King and Story
In the 1930s, future agricultural labor union leader César Chávez and his family moved into the neighborhood. It was here that Chávez first began his political actions, registering voters and organizing English language classes for the mostly Mexican American residents. The first grocery stores targeted by the NFWA grape boycott were on King Road.
The San Jose Redevelopment Agency (SJRA) pursued redevelopment of the intersection, successfully locating a grocery store on the north-east corner before pursuing eminent domain to redevelop the south-east and south-west corners. The SJRA was successfully able to acquire the south-east corner and redevelop removing vacant and abandoned buildings, while adding needed banking and shopping options for the local community in conjunction with Bay Area local developers Blake-Hunt Ventures. However the City was fought in court as its pursued acquisition of the Tropicana shopping center on the South-west corner, the SJRA abandoned acquisition of the entire shopping center and settled for acquisition of certain portions and the redevelopment of the remainder in conjunction with the existing owners. The Connecticut Kelo case being fought in court at the same time was clearly a factor in the City's final decisions.

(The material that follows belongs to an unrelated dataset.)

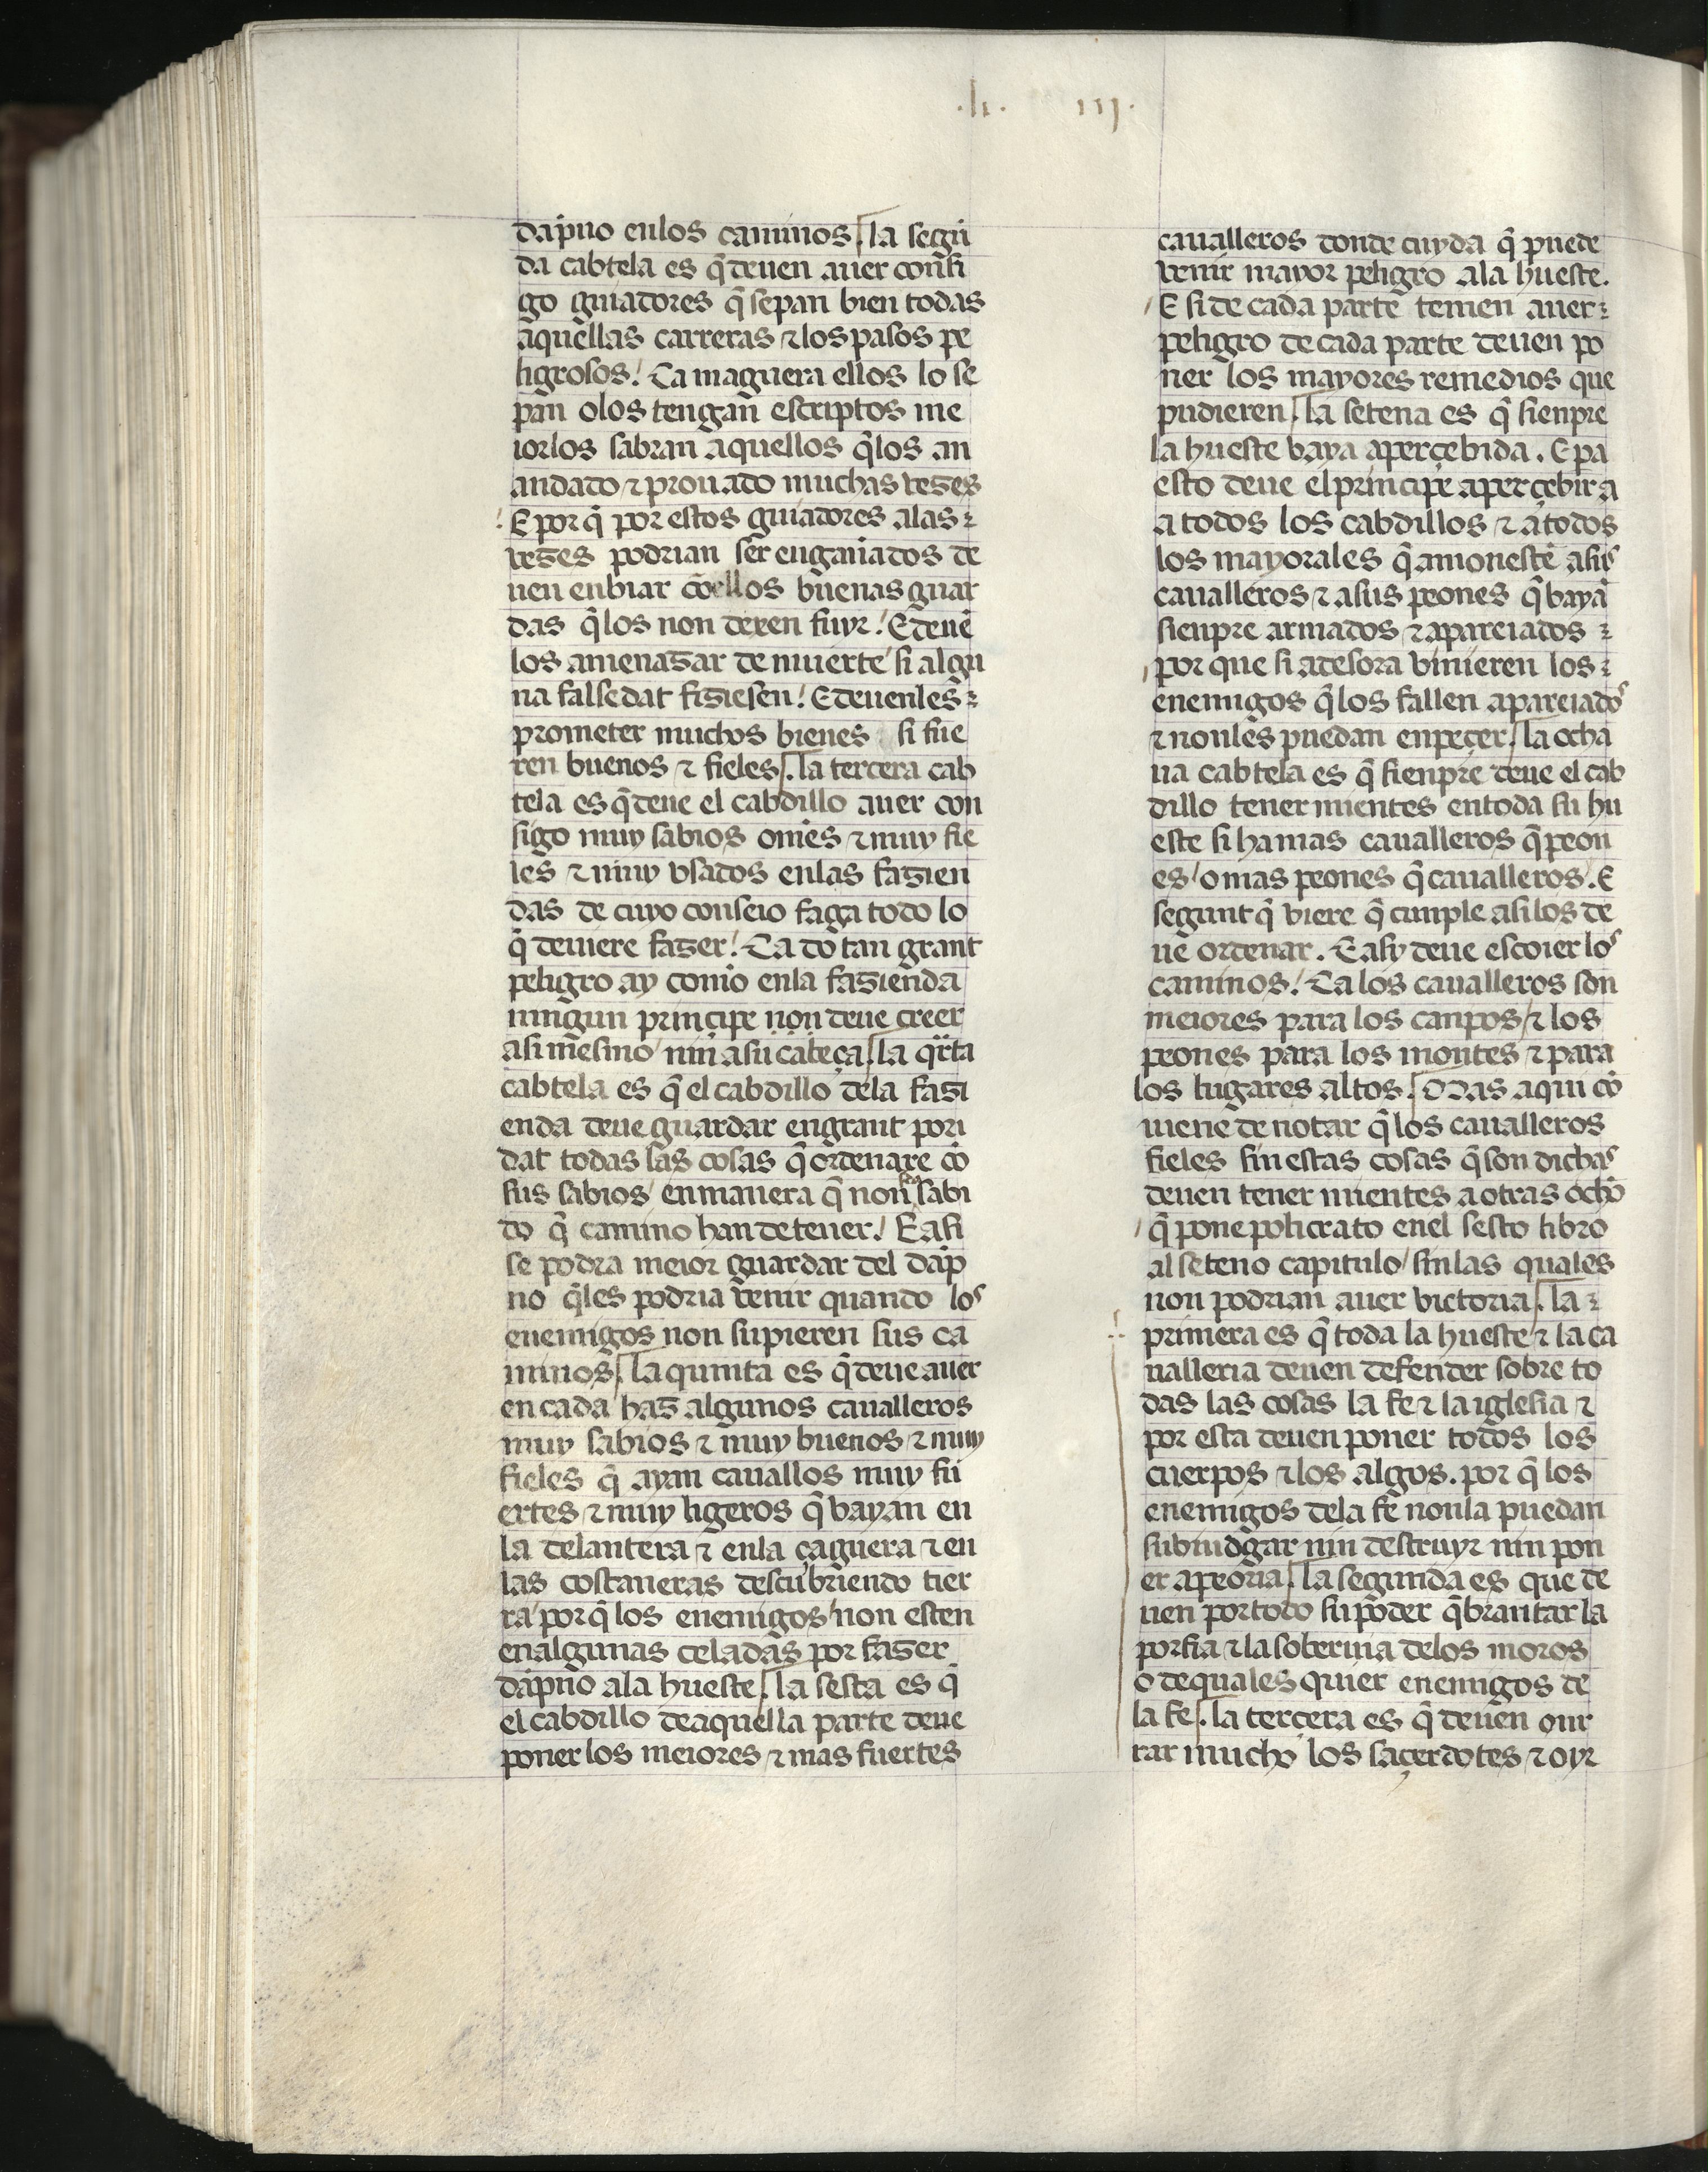
Shelfmark: Madrid, Fundación Lázaro Galdiano, mss 289
Century: 15

In 2003, the city council considered a bill to rename King Road, named for an 1851 settler to San Jose, after Martin Luther King, Jr. The proposal was generally supported by the African American community, and opposed by the Hispanic population, with significant minorities in each group on differing sides. For example, the president of the local chapter of the NAACP opposed the change, while the Chávez family supported it. The city council eventually rejected the proposal.
The area surrounding King and Story is a vital cultural hub for the rapidly expanding East San Jose Community. King Road is home to a One Stop county services building, and area landmark Eastridge Shopping Mall is undergoing a multi-million dollar expansion.
BART (Bay Area Rapid Transit) and Santa Clara Valley Transportation Authority (VTA) light rail is expanding into the region. Redevelopment of some neighborhoods is also a city priority. One such project, on Summer Street, includes the renovation and construction of new housing by the San Jose Conservation Corps YouthBuild job training and education program.